Hillary Clinton’s problem wasn’t the Electoral College. Her problem was that her influence didn’t extent past those few, HUGE states. Outside of New York, Chicago, LA and a few metro areas she LOST TERRIBLY. She had OVERKILL in the places she ALREADY won like New York City…and didn’t bother to campaign much in other places.

That sort of ignoring of the small states is the EXACT reason that the Founders created the system as it is. They didn’t want small states to be ignored. They didn’t want Presidential candidates to simply fly between the 5 largest cities and never set foot in “flyover country.”

Donald Trump for all his faults (I didn’t vote for him… or Clinton)… understood that. Most of his rallies were in the rural, less populated areas. Trump played the game as intended. Clinton simply failed to bother with the small states and lost…as the system intended.

What does whining about it now matter? You aren’t going to abolish the whole Electoral College. You won’t get rid of the Senate. So what, besides politics as usual is the point of the protests?

Well, rioting aside there could be tweaks to the system that might work if there were an ACTUAL, intelligent PEACEFUL political “protest” movement.

What COULD be done is that the Electoral College electors could be bound to the results in their states. Many states already legally bind Electors to vote as the popular vote goes or be punished under law. There are only a few states where Electors are free to “vote their conscience.”

On the positive side it’s much easier to do that than a Constitutional Amendment because since the States “own” the Electoral votes, they can simply change their rules on how to decide them by State law. It doesn’t require any other states to agree.

On the other hand, grassroots groups would have to spring up and convince the legislatures in all the states to adopt those laws. That could take a lot of work.

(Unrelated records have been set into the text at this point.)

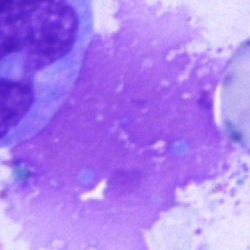Classification: artifact.
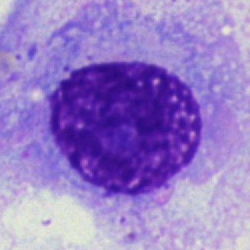

Classification = artefact.
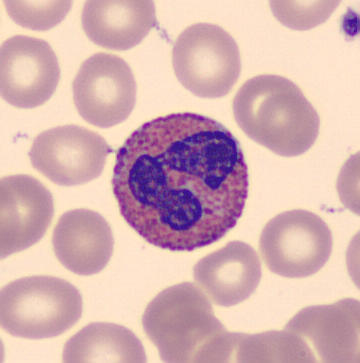
The cell is eosinophil.
Acquisition: May-Grünwald-Giemsa-stained; peripheral blood smear; 360 by 363 pixels.
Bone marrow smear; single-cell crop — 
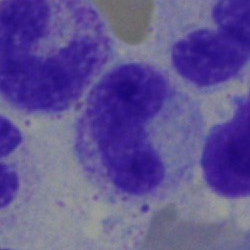
Single cell identified as a band neutrophil.
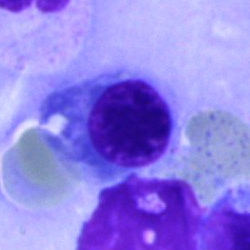

Q: Identify the cell.
A: Erythroblast.
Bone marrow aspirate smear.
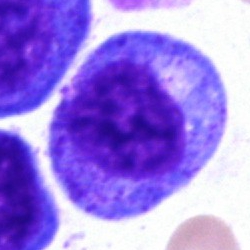
Morphology consistent with a progranulocyte.
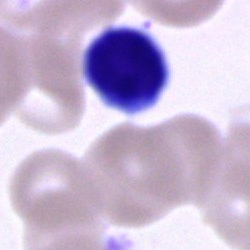

Specimen: bone marrow aspirate smear.
Morphological class: typical lymphocyte.
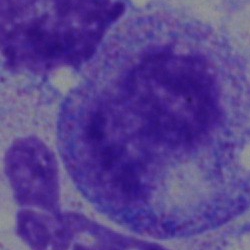 Progranulocyte.
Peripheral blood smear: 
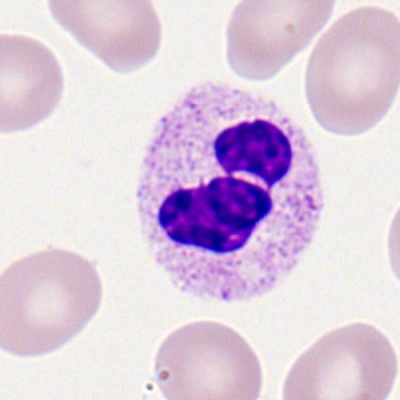Impression → polymorphonuclear neutrophil.
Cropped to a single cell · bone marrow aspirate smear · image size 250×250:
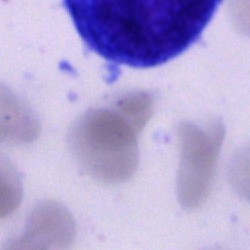 Cell type = cell of indeterminate lineage.
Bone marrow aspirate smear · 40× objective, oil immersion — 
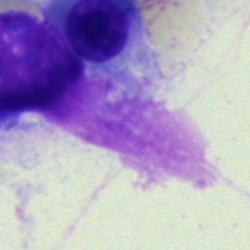 Artefact.
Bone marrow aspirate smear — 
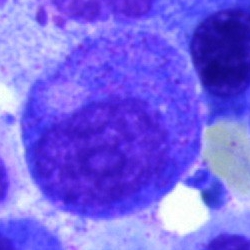Morphological class — promyelocyte.
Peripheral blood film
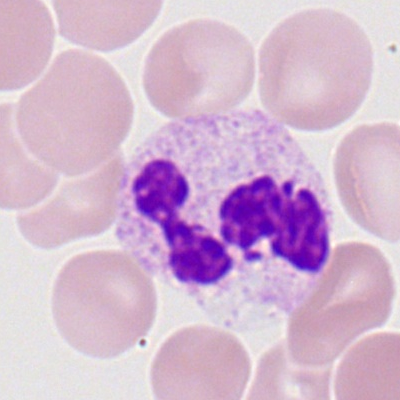A neutrophil (segmented).
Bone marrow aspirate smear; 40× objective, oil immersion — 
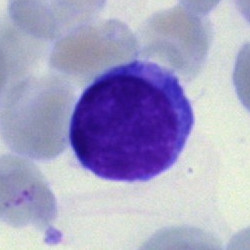 Morphology consistent with a typical lymphocyte.
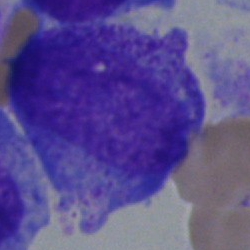
Specimen: bone marrow aspirate smear.
Classification: promyelocyte.
Lineage: myeloid.
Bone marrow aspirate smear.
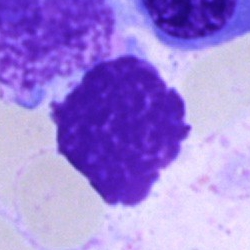 An artifact.
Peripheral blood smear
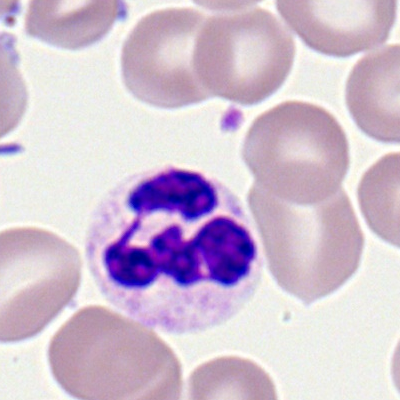

Specimen: peripheral blood smear.
Classification: segmented neutrophil.
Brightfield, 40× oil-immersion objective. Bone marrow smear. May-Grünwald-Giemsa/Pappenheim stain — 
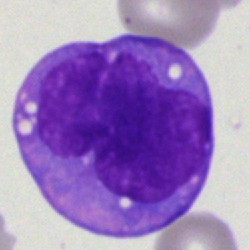
Single cell identified as a blast.
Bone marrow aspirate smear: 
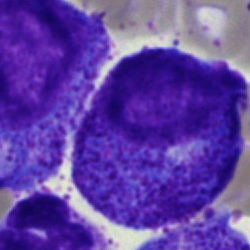 Q: What is shown here?
A: A progranulocyte.
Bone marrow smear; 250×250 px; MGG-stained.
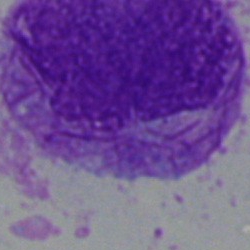

This is a cell with bundled Auer rods.
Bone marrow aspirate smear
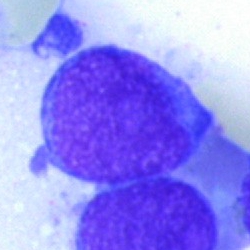 Morphological class: blast cell.
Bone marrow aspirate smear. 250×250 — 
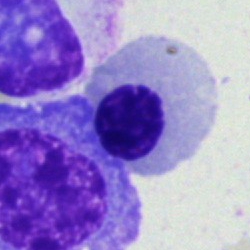 Cell: nucleated red blood cell.
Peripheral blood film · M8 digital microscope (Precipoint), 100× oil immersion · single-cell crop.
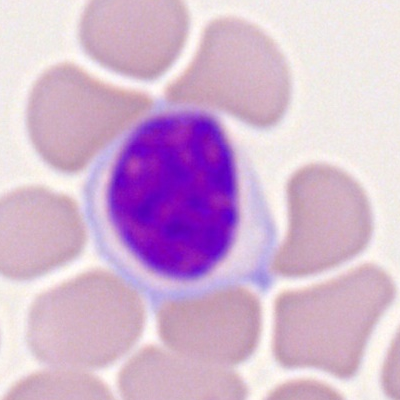
Typical lymphocyte.
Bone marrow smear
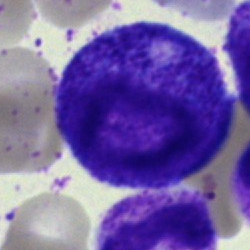

Classification = progranulocyte.
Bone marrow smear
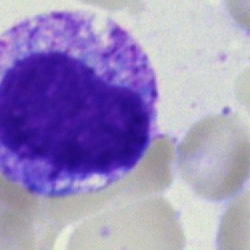
Impression → artefact.
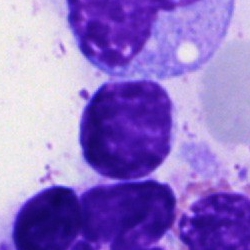

Impression — typical lymphocyte.
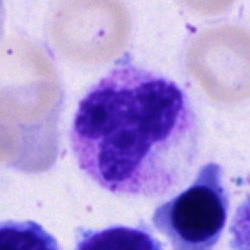 Neutrophil (segmented).
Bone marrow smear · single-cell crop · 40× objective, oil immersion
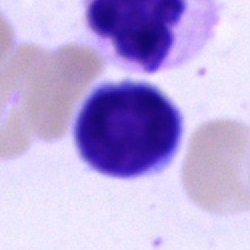 Cell: lymphocyte.
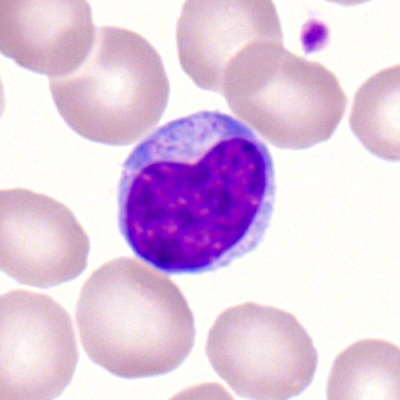
Specimen: peripheral blood film.
Classification: typical lymphocyte.
Lineage: lymphoid.
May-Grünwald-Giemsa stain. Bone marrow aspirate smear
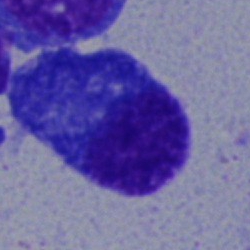

Q: What is shown here?
A: It is a plasma cell.
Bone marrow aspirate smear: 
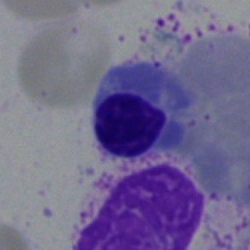
Morphology consistent with an erythroblast.
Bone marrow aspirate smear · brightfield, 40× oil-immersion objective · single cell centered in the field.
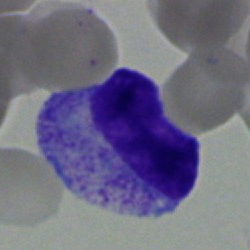

{"cell_type": "metamyelocyte", "lineage": "myeloid"}
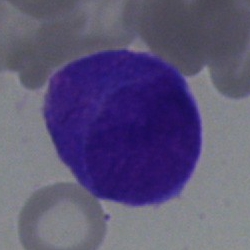
Q: What is the morphological classification of this cell?
A: A blast cell.
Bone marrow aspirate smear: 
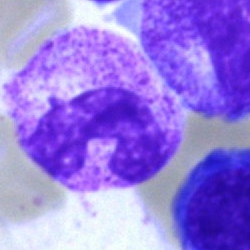 Morphology → polymorphonuclear neutrophil.
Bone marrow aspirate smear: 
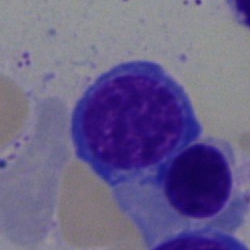

Specimen: bone marrow aspirate smear.
Cell type: nucleated red blood cell.
Lineage: erythroid.
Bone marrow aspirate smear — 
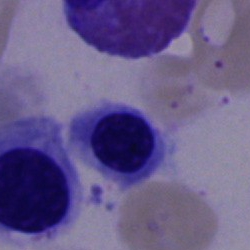 Showing a normoblast.
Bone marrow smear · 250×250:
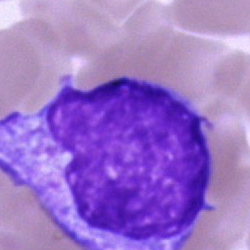 Showing an unidentifiable cell.

It would be less work than an Amendment of course…which is virtually impossible to pass for the reasons outlined above.

In either case the actual “Abolish the Electoral College” protests are misguided. Most of the people at them aren’t even registered to vote, let alone conversant in how the system works. If you don’t understand how it works…how can you expect to know IF it is broke, let alone how to “fix” it?

It’s all a moot point because the system worked perfectly. The people split down the middle for Trump and Clinton. Trump actually went to the small states to include ALL Americans in his rallies..which tipped the Electoral votes his way. Clinton failed to connect with most of the states…and lost those states where she didn’t bother to campaign.

I you look where the riots are… New York, LA, Portland, Chicago, etc… you will notice it’s not in the “small” states. It’s in the states that stand to gain the most from “raw Democracy” and have the most to lose from respecting the rights of the people in smaller states.

Yet again the Democratic party tries to screw over the minority for the “greater good.”

Big surprise.

The system worked, folks.

If it ain’t broke don’t fix it.



One thought on “The Electoral College- If it Ain’t Broke, Don’t Fix It

  1. Anonymous says:

    It protects the few from the many.